I examined the wood grain on the floor. I shuffled my foot over a wet spot where my sweat had dripped.
“Eight inches,” he said and picked up his clipboard. “And the jump shot looks great by the way.”
He walked out of the gym whistling and the door clicked and I felt a burst of anger. I charged towards the hoop and elevated for a dunk but I couldn’t quite cradle the ball over the rim and jammed my wrist. I fell to the floor and I grabbed my ankle but it was fine and I remembered that I wasn’t Brendan.
* * *
St. Bernard’s lost in the state finals without Brendan and he stopped going to school after that. Coach Perry told us that he’d see to it that he wasn’t expelled. He could just repeat the tenth grade in the fall.
They were renovating a two-family house across the street from us next to the park. Full gut. Turning it into a single-family. The town voted to shrink the zoning for section eight.
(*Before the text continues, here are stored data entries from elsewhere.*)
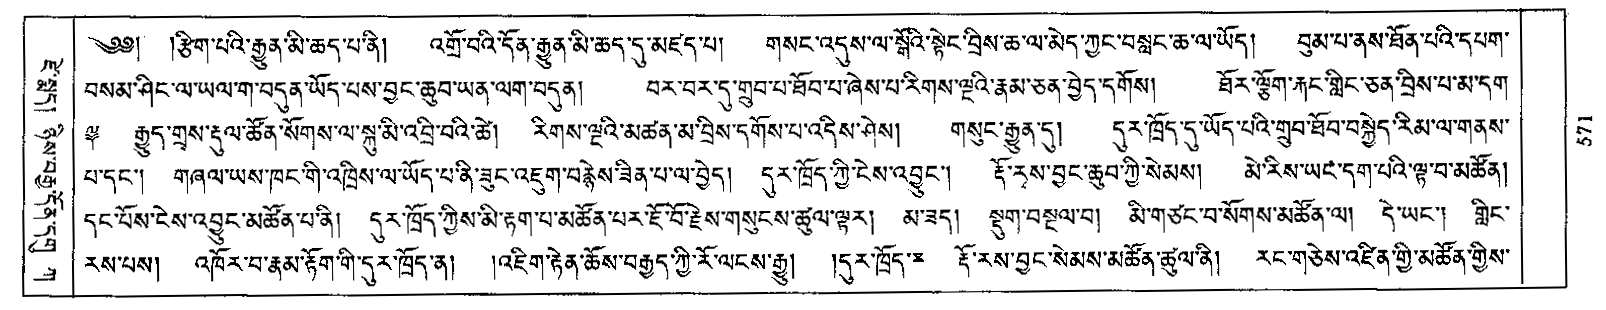༄༅། །རྩིག་པའི་རྒྱུན་མི་ཆད་པ་ནི། འགྲོ་བའི་དོན་རྒྱུན་མི་ཆད་དུ་མཛད་པ། གསང་འདུས་ལ་སྒོའི་སྟེང་བྲིས་ཆ་ལ་མེད་ཀྱང་བསླང་ཆ་ལ་ཡོད། བུམ་པ་ནས་ཐོན་པའི་དཔག་
བསམ་ཤིང་ལ་ཡལ་ག་བདུན་ཡོད་པས་བྱང་ཆུབ་ཡན་ལག་བདུན། བར་བར་དུ་གྲུབ་པ་ཐོབ་པ་ཞེས་པ་རིགས་ལྔའི་རྣམ་ཅན་བྱེད་དགོས། ཐོར་ལྕོག་རྐང་གླིང་ཅན་བྲིས་པ་མ་དག་
༈ རྒྱུད་གྲྭས་རྡུལ་ཚོན་སོགས་ལ་སྐུ་མི་འབྲི་བའི་ཚེ། རིགས་ལྔའི་མཚན་མ་བྲིས་དགོས་པ་འདིས་ཤེས། གསུང་རྒྱུན་དུ། དུར་ཁྲོད་དུ་ཡོད་པའི་གྲུབ་ཐོབ་བསྐྱེད་རིམ་ལ་གནས་
པ་དང་། གཞལ་ཡས་ཁང་གི་འཁྲིས་ལ་ཡོད་པ་ནི་ཟུང་འཇུག་བརྙེས་ཟིན་པ་ལ་བྱེད། དུར་ཁྲོད་ཀྱི་ངེས་འབྱུང་། རྡོ་རྭས་བྱང་ཆུབ་ཀྱི་སེམས། མེ་རིས་ཡང་དག་པའི་ལྟ་བ་མཚོན།
དང་པོས་ངེས་འབྱུང་མཚོན་པ་ནི། དུར་ཁྲོད་ཀྱིས་མི་རྟག་པ་མཚོན་པར་ཇོ་བོ་རྗེས་གསུངས་ཚུལ་ལྟར། མ་ཟད། སྡུག་བསྔལ་བ། མི་གཙང་བ་སོགས་མཚོན་ལ། དེ་ཡང་། གླིང་
རས་པས། འཁོར་བ་རྣམ་རྟོག་གི་དུར་ཁྲོད་ན། །འཇིག་རྟེན་ཆོས་བརྒྱད་ཀྱི་རོ་ལངས་རྒྱུ། །དུར་ཁྲོད་྾་རྡོ་རས་བྱང་སེམས་མཚོན་ཚུལ་ནི། རང་གཅེས་འཛིན་གྱི་མཚོན་གྱིས་

After school I’d see Brendan chatting with the contractor by a white van—his metal crutches catching light from the sun. A silvery dog with a thick coat sat by his side.
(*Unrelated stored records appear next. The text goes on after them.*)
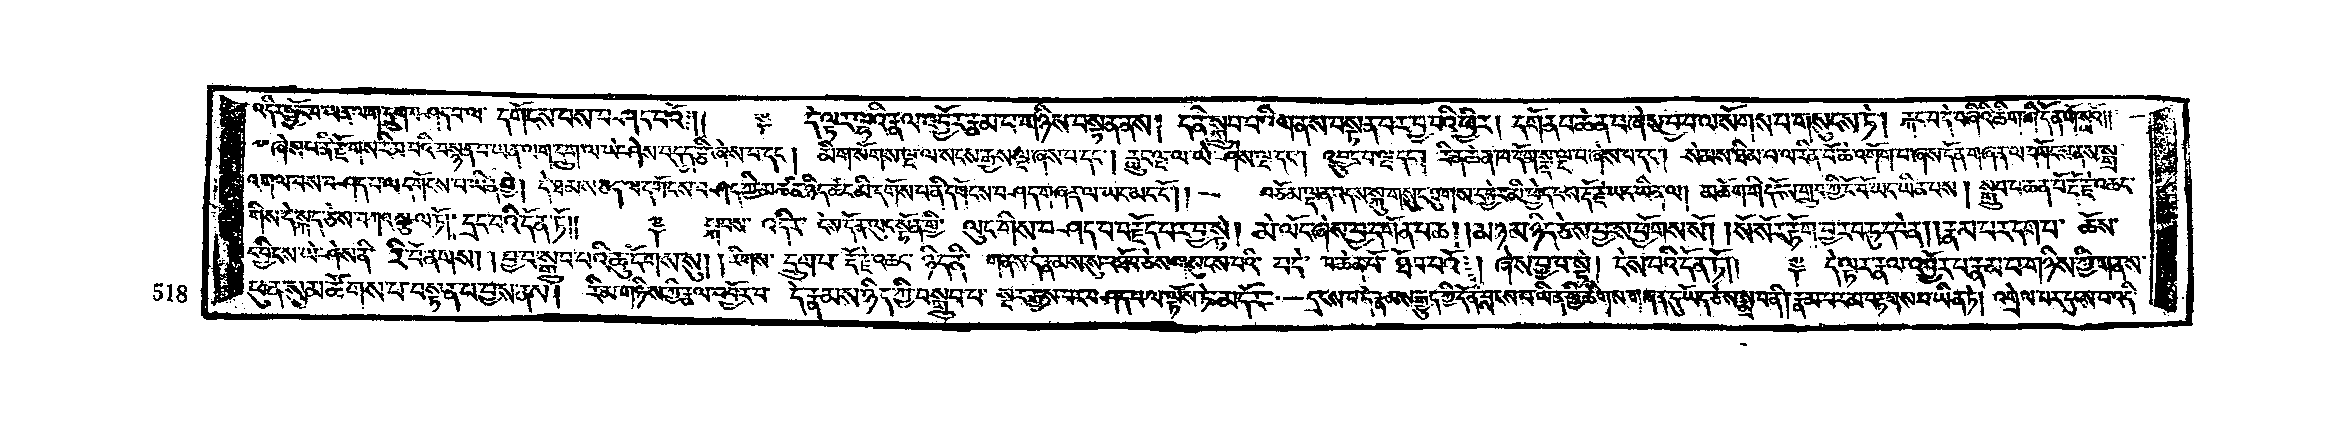འདིར་སྦྱོར་བ་ཡན་ལག་དྲུག་བཤད་པ་ལ་དགོངས་པས་བཤད་པའོ།། ༈ དེ་ལྟར་ལྷའི་རྣལ་འབྱོར་རྣམ་པ་གཉིས་བསྟན་ནས། ད་ནི་སྒྲུབ་པའི་གནས་བསྟན་པར་བྱ་བའི་ཕྱིར། དགོན་པ་ཆེན་ཕ་ཞེས་བྱ་བ་ལ་སོགས་པ་གསུངས་ཏེ། རྐང་པ་དེ་བཞིའི་ཚིག་གི་དོན་གོ་སླའོ།།
༧ཞེས་པ་ནི་རྫོགས་རིམ་པའི་བསྙནྤ་ཡན་ལག་དྲུག་ལ་ཡེ་ཤེས་བདུད་རྩི་ཞེས་པ་དང་། མིག་སོགས་ལྔ་ལ་སངས་རྒྱས་ལྔ་ཞེས་པ་དང་། རླུང་ལྔ་ལ་ཡེ་ཤེས་ལྔ་དང་། འབྱུང་བ་ལྔ་དང་། རིན་ཆེན་ཁ་དོག་སྣ་ལྔ་བ་ཞེས་པ་དང་། སེམས་ཐིམ་པ་ལ་རིན་པོ་ཆེ་འགོག་པ་ཞེས་དོན་གཞན་ལ་དགོངས་ནས་སྒྲ་
འགལ་བས་བཤད་པ་ལ་དགོངས་པ་ཡིན་གྱི། དེ་ཐམས་ཅད་ལ་དགོངས་བཤད་ཀྱི་མཚན་ཉིད་ཚང་མི་དགོས་པ་ནི་དགོངས་བཤད་གཞན་ལ་ཡང་མང་ངོ།། བཅོམ་ལྡན་འདས་སྐུ་གསུང་ཐུགས་དབྱེར་མི་ཕྱེད་བས་རྡོ་རྗེ་ཡང་ཡིན་ལ། མཆོག་གི་དངོས་གྲུབ་ཀྱི་ངོ་བོ་ཡང་ཡིན་པས། སྒྲུབ་པ་ཆེན་པོ་རྡོ་རྗེ་འཆང་
གིས་དེ་སྐད་ཅེས་བཀའ་སྩལ་ཏོ།། དྲང་བའི་དོན་ཏོ།། ༈ སྐབས་འདིར་ངེས་དོན་ལུང་སྟོན་གྱི་ལུང་གིས་བཤད་པ་བརྗོད་པར་བྱ་སྟེ། མེ་ལོང་ཞེས་བྱ་དགོན་པ་ཆེ། །མཉམ་ཉིད་ཅེས་བྱ་ས་ཕྱོགས་སོ། །སོ་སོར་རྟོག་བྱ་རབ་ཏུ་དབེན། །རྣམ་པར་དག་པ་ཆོས་
དབྱིངས་ཡེ་ཤེས་ནི་རི་བོ་ནགས། །བྱ་བ་སྒྲུབ་པའི་ཆུ་དོགས་སུ། །རིགས་དྲུག་པ་རྡོ་རྗེ་འཆང་ཉིད་ནི་གནས་དེ་རྣམས་སུ་འཐོབ་ཅེས་གསུངས་པའི་བདེ་བ་ཆེན་པོ་ཐོབ་པའོ། ཞེས་བྱ་བ་ལ་སྟེ། ངེས་པའི་དོན་ཏོ།། ༈ དེ་ལྟར་རྣལ་འབྱོར་པ་རྣམ་པ་གཉིས་ཀྱི་གནས་
ཕུན་སུམ་ཚོགས་པ་བསྟན་པ་བྱས་ནས། རིམ་གཉིས་ཀྱི་རྣལ་འབྱོར་པ་དེ་རྣམས་ཉིད་ཀྱི་བསྒྲུབ་པ་སྔར་རྒྱས་པར་བཤད་པ་ལ་ལྟོས་ཏེ་མདོར་དྲངས་བ་དེ་རྣམས་རྒྱུད་ཀྱི་དོན་བླངས་པ་ཡིན་གྱི་ཚིགས་གཞན་དུ་ཡོད་ཅེས་སྨྲ་བ་ནི། རྣམ་པར་མ་བརྟགས་པ་ཡིན་ཏེ། འགྲེལ་པར་དྲངས་པ་འདི་

The contractor’s name was Ed and he lived in Eastford near our old neighborhood. His face was worn but his hair was blonde and thick. He didn’t seem like the type to dye it. One night he came over to look at our broken window and asked where our dad was. Then he nodded and peeled off the duct-taped plastic sheet from the frame and installed a new window from the back of his van. He wiped the wet caulk on his shirt and ordered us pizza. His dog’s name was Lady. She chased her tail and sniffed the dusty corners of the room before curling up next to the space heater by the couch near Brendan. The orange coils glowed on her slick fur.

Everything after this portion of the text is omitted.